I'm working on an art piece and i just reckon it'd look a whole lot better and 'fit' better overall, but i'm wondering if somebody accidentally brushing up against it or touching it could turn out badly.



Best Answer 7 years ago


I would say "believably dangerous."

There will probably be exposed house current, which is enough by itself to "turn out badly". And depending on how much of the casing you have removed, there may be much, much higher voltages exposed (20,000 volts was not uncommon; I'm not sure about current CRTs)... potentially at significant current. (The capacitors are smaller than they once were, but any cap charged to high voltage can pack a wallop -- for a _tiny_ example, see all the taser-like things posted here on Instructables.)

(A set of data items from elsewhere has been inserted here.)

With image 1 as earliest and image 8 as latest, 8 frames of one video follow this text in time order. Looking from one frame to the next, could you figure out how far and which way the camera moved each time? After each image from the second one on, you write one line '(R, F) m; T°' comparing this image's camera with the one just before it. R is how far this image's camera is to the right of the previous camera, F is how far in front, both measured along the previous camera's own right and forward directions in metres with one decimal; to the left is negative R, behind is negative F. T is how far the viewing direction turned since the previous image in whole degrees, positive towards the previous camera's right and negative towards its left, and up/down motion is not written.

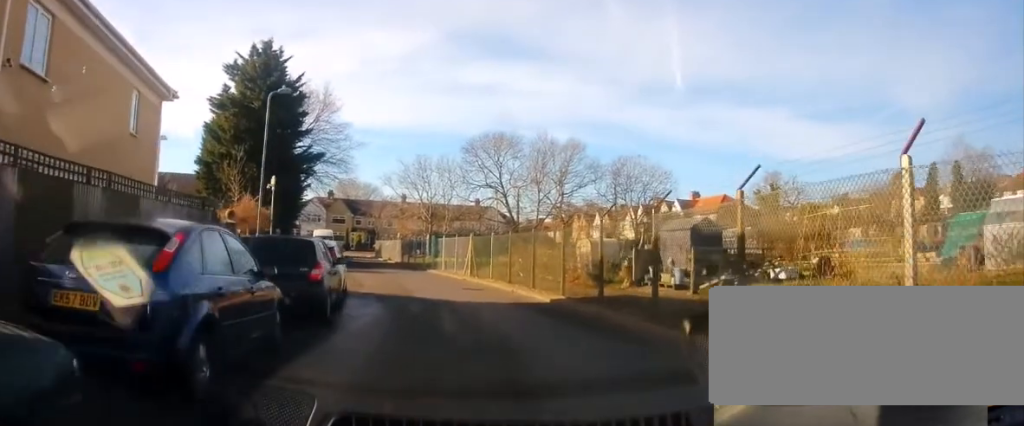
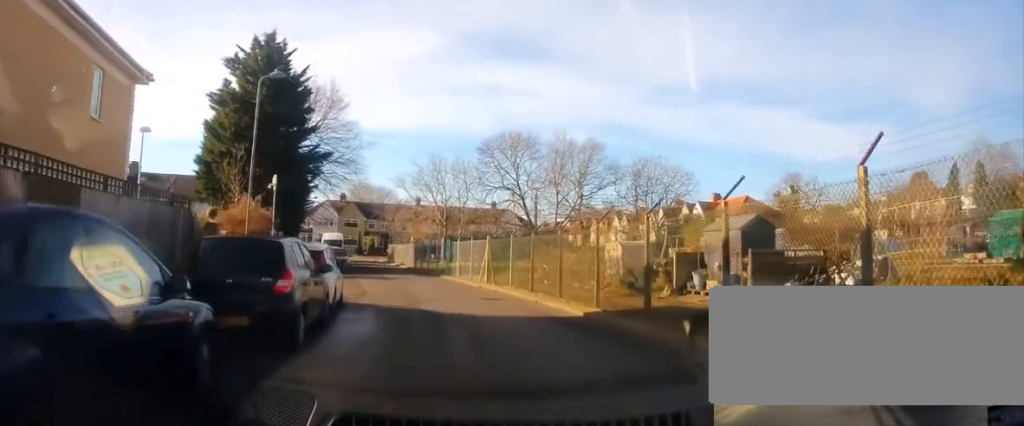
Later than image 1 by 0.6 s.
(-0.1, +2.4) m; -5°
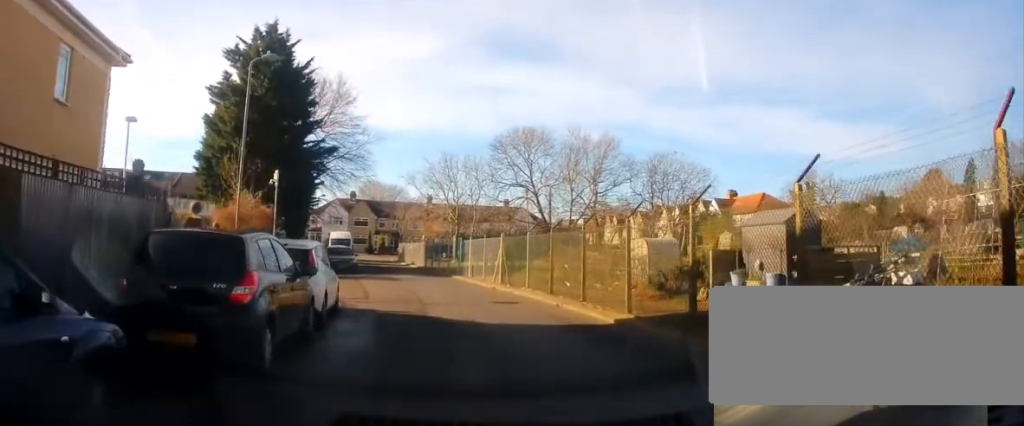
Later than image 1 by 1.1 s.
(-0.2, +1.7) m; -3°
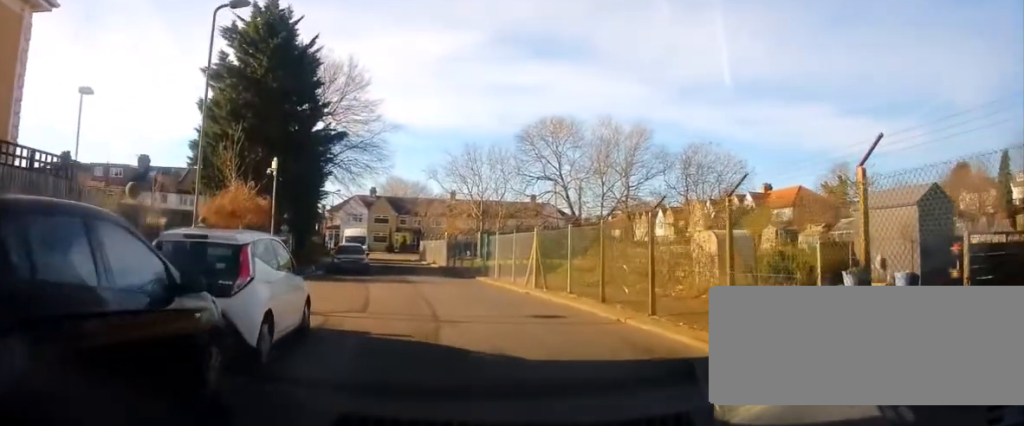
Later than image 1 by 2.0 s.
(-0.1, +3.8) m; +4°
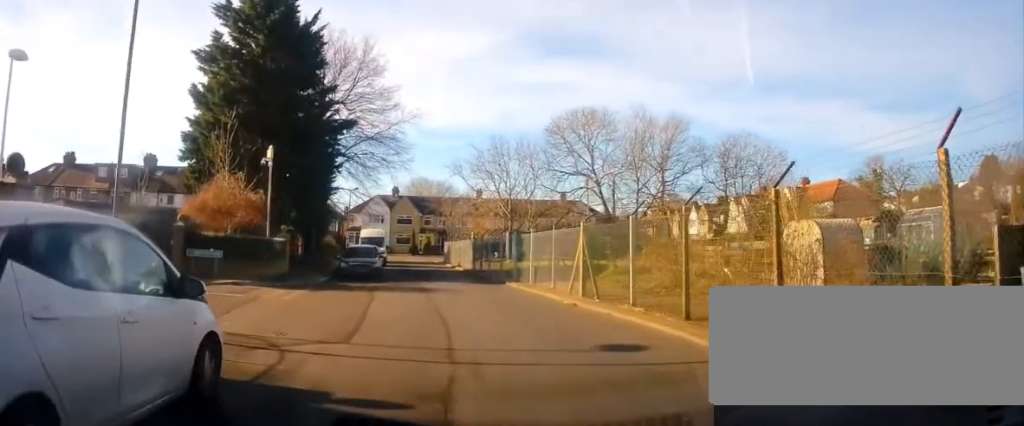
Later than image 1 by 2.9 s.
(+0.3, +4.0) m; -1°
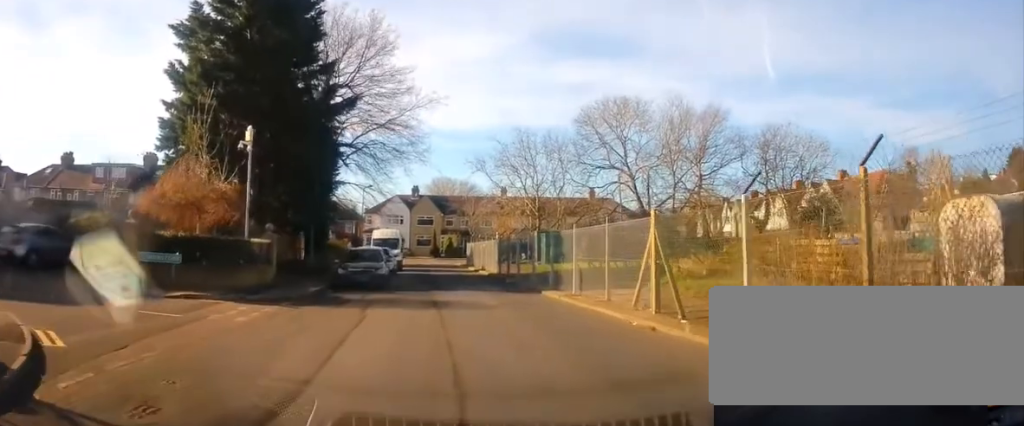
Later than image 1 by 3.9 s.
(-0.4, +4.5) m; -7°
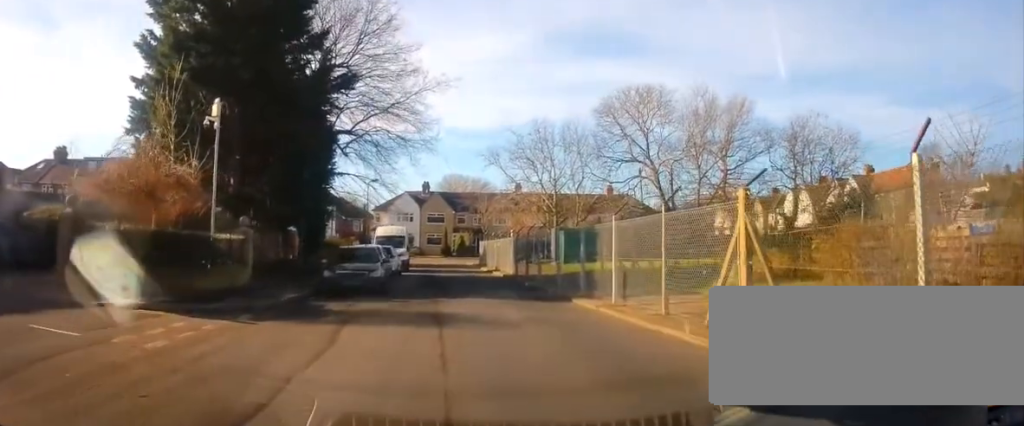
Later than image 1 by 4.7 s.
(-0.3, +3.5) m; -1°
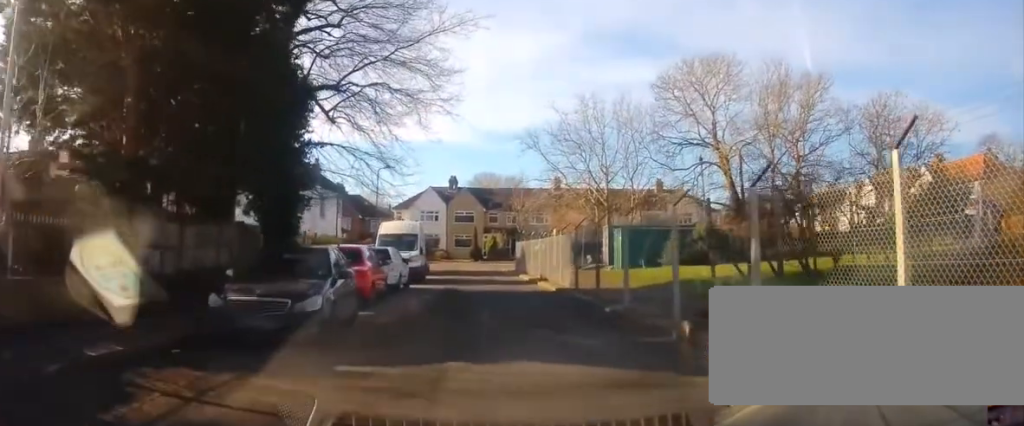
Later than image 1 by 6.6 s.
(+0.7, +8.8) m; +4°

I treat CRT monitors which have been turned off and unplugged as dangerous if abused. I would treat one plugged in as dangerous to muck with, period, but not dangerous to run if you prevent anything potentially conductive -- hands, tools, stray bits of wire or hardware, and so on -- away from it.

Were I the museum's safety department, I'd want you to put that piece behind glass or something of that sort to ensure that there's absolutely no risk of someone touching it. Which suggests you might want to consider building a transparent casing into the artwork from the start.

Let me suggest a better approach: Mock up the CRT monitor, using an LCD display of appropriate size (safely enclosed) as the live screen. You should be able to get pretty close to the right appearance.

BTW, if you absolutely must work with high voltages, consider trying the one-hand rule -- insulated shoes on an insulated surface, one hand far from any possible ground path, the other hand working on the box. The shocks that will kill you quick are the ones where current goes through the heart, which means if you can prevent any limb-to-limb current you're significantly safer.

That's not bad practice for house current either, of course, though better practice there is to disconnect the circuit before working on it.

.  +1. Allowing the general public direct access to the inside of a CRT TV/monitor, even when turned off, is a very, very bad idea.

"Badly" as in "fatal"? As in, "felony arrest warrant"? Why, yes, if your knowledge of high-voltage electronics systems is limited enough that you need to ask, then it could certainly turn out badly. You should choose for yourself whether serious injury or death as part of your art installation makes a compelling societal statement.

See below for many more details, including some nice suggestions for how to make an opened CRT look nice and still be safe.

I'd say that instead of the word "dangerous" you should use the word "stupid", "careless", or "criminal".

If you're going to employ a CRT without a case, do so by using a clear shield. That way your viewers can still see the inside but they can't do the stupid thing, which will leave you looking careless and open to criminal charges.


7 years ago

There are capacitors used in CRT TVs. Those are like little rechargeable batteries to keep voltage constant within the TVs circuit.
The difference to a battery here is, that they usually carry high voltage, so if the TV is powered, they will carry this voltage which could cause risk of electrocution if touched in the wrong places.
I'm no electrician, but I got struck once by a capacitor of a fan motor at work.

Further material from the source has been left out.